September 12, 2023 1 min read

Azure AI Speech Updates: Enhanced Recognition and Synthesis

Azure Speech AI Speech Recognition Text-to-Speech

Introduction

Azure AI Speech services continue to advance with significant improvements in accuracy, language support, and real-time capabilities. This post explores the latest features and demonstrates how to leverage them in your applications.

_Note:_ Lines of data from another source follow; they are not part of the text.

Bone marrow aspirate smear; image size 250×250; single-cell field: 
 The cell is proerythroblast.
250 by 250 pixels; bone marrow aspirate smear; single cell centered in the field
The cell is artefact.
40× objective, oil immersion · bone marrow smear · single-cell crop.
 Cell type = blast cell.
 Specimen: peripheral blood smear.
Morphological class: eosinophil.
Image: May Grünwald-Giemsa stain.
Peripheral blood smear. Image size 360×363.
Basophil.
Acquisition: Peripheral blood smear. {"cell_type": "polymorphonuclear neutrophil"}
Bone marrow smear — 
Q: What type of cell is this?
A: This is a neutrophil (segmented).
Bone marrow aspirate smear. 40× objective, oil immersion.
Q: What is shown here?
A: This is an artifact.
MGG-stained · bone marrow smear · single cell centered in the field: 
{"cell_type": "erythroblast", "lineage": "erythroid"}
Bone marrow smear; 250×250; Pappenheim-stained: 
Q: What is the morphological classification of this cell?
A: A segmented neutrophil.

Speech-to-Text Enhancements

Basic Speech Recognition

import os
import azure.cognitiveservices.speech as speechsdk

class SpeechRecognizer:
    def __init__(self):
        self.speech_config = speechsdk.SpeechConfig(
            subscription=os.getenv("AZURE_SPEECH_KEY"),
            region=os.getenv("AZURE_SPEECH_REGION")
        )
        # Set recognition language
        self.speech_config.speech_recognition_language = "en-US"

    def recognize_from_microphone(self) -> str:
        """Recognize speech from microphone"""
        audio_config = speechsdk.AudioConfig(use_default_microphone=True)
        recognizer = speechsdk.SpeechRecognizer(
            speech_config=self.speech_config,
            audio_config=audio_config
        )

        result = recognizer.recognize_once()

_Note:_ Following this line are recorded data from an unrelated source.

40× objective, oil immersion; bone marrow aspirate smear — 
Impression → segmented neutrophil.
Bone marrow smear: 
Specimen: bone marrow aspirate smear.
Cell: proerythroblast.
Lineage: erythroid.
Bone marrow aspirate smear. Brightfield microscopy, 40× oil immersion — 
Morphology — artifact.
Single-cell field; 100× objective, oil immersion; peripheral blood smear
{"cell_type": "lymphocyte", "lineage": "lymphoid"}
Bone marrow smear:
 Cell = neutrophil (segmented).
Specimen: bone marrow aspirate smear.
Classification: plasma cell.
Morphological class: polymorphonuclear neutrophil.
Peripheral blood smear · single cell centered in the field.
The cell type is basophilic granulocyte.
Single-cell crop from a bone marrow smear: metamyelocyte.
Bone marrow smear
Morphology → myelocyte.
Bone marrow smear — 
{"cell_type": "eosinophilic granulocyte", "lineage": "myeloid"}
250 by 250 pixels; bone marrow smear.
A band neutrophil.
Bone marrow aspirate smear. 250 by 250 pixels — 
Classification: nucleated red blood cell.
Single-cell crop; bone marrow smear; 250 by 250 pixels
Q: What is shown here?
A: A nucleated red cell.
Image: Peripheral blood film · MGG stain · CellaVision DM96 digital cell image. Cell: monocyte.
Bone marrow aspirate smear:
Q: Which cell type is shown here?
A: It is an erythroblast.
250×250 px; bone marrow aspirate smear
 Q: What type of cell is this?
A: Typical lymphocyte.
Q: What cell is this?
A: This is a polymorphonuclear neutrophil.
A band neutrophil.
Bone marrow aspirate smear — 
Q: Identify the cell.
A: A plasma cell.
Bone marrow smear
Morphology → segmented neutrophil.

        if result.reason == speechsdk.ResultReason.RecognizedSpeech:
            return result.text
        elif result.reason == speechsdk.ResultReason.NoMatch:
            return "No speech could be recognized"
        elif result.reason == speechsdk.ResultReason.Canceled:
            cancellation = result.cancellation_details
            return f"Recognition canceled: {cancellation.reason}"

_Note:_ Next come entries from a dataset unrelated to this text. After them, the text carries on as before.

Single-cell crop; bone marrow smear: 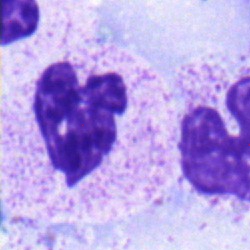Cell type: segmented neutrophil.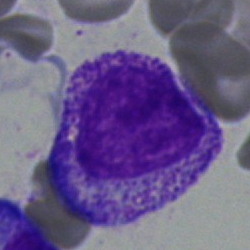

Q: What is shown here?
A: This is a myelocyte.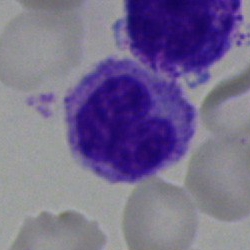
An unidentifiable cell on a bone marrow smear.
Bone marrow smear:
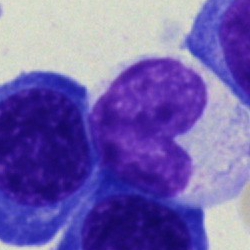Morphology → metamyelocyte.
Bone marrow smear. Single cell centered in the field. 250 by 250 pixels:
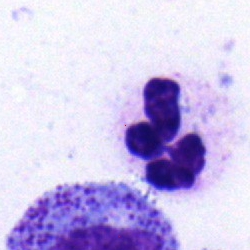

Classification = neutrophil (segmented).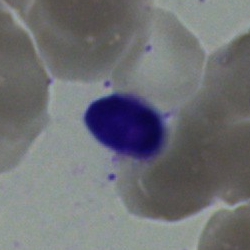 Specimen: bone marrow aspirate smear.
Morphological class: lymphocyte.
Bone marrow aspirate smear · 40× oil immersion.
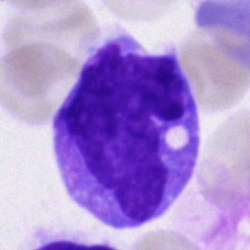Morphological class = monocyte.
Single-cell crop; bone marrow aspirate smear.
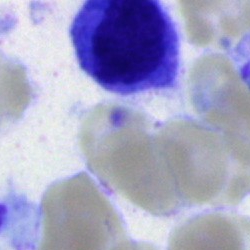 Showing a cell of indeterminate lineage.
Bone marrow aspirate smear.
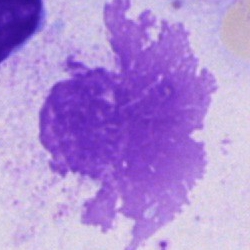
Morphological class = artefact.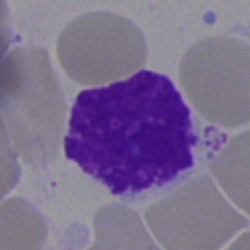
Cell: artefact.
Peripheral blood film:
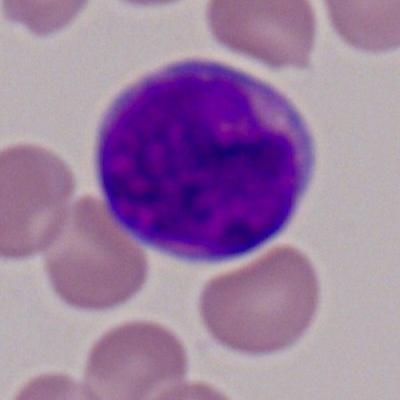 Specimen: peripheral blood smear.
Cell: myeloblast.
Lineage: myeloid.
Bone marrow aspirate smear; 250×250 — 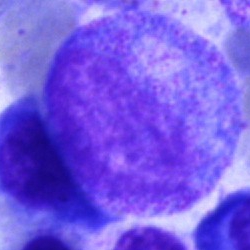Specimen: bone marrow smear.
Morphological class: progranulocyte.
Lineage: myeloid.
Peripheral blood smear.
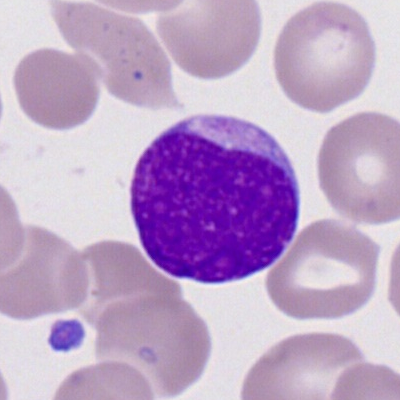 Cell type: myeloblast.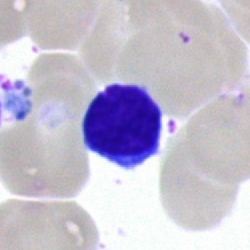
Specimen: bone marrow smear.
Cell type: lymphocyte.
Lineage: lymphoid.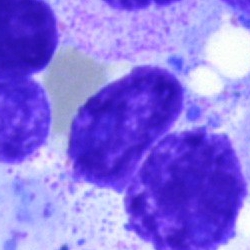
Q: What is shown here?
A: This is an artifact.
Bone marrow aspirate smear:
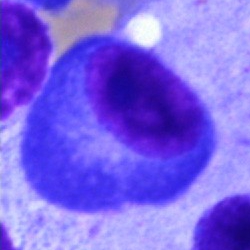Cell type — plasmacyte.
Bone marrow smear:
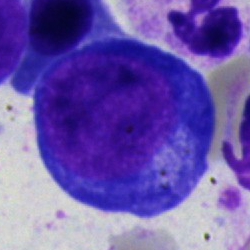
Morphology consistent with a normoblast.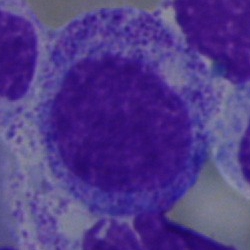Showing a promyelocyte.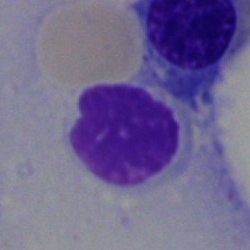Q: What is shown here?
A: Artifact.
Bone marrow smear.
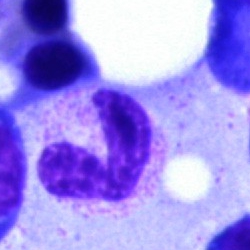
Q: What is shown here?
A: Band neutrophil.

    def recognize_from_file(self, audio_file: str) -> str:
        """Recognize speech from audio file"""
        audio_config = speechsdk.AudioConfig(filename=audio_file)
        recognizer = speechsdk.SpeechRecognizer(
            speech_config=self.speech_config,
            audio_config=audio_config
        )

        result = recognizer.recognize_once()

        if result.reason == speechsdk.ResultReason.RecognizedSpeech:
            return result.text
        else:
            return f"Recognition failed: {result.reason}"

    def recognize_continuous(self, audio_file: str, callback=None) -> list:
        """Continuous recognition for longer audio"""
        audio_config = speechsdk.AudioConfig(filename=audio_file)
        recognizer = speechsdk.SpeechRecognizer(
            speech_config=self.speech_config,
            audio_config=audio_config
        )

        results = []
        done = False

        def handle_result(evt):
            if evt.result.reason == speechsdk.ResultReason.RecognizedSpeech:
                results.append({
                    "text": evt.result.text,
                    "offset": evt.result.offset,
                    "duration": evt.result.duration
                })
                if callback:
                    callback(evt.result.text)

        def stop_cb(evt):
            nonlocal done
            done = True

        recognizer.recognized.connect(handle_result)
        recognizer.session_stopped.connect(stop_cb)
        recognizer.canceled.connect(stop_cb)

        recognizer.start_continuous_recognition()
        while not done:
            pass
        recognizer.stop_continuous_recognition()

        return results

# Usage
recognizer = SpeechRecognizer()

# From file
text = recognizer.recognize_from_file("audio.wav")
print(f"Recognized: {text}")

# Continuous recognition
def on_recognized(text):
    print(f">> {text}")

results = recognizer.recognize_continuous("long_audio.wav", callback=on_recognized)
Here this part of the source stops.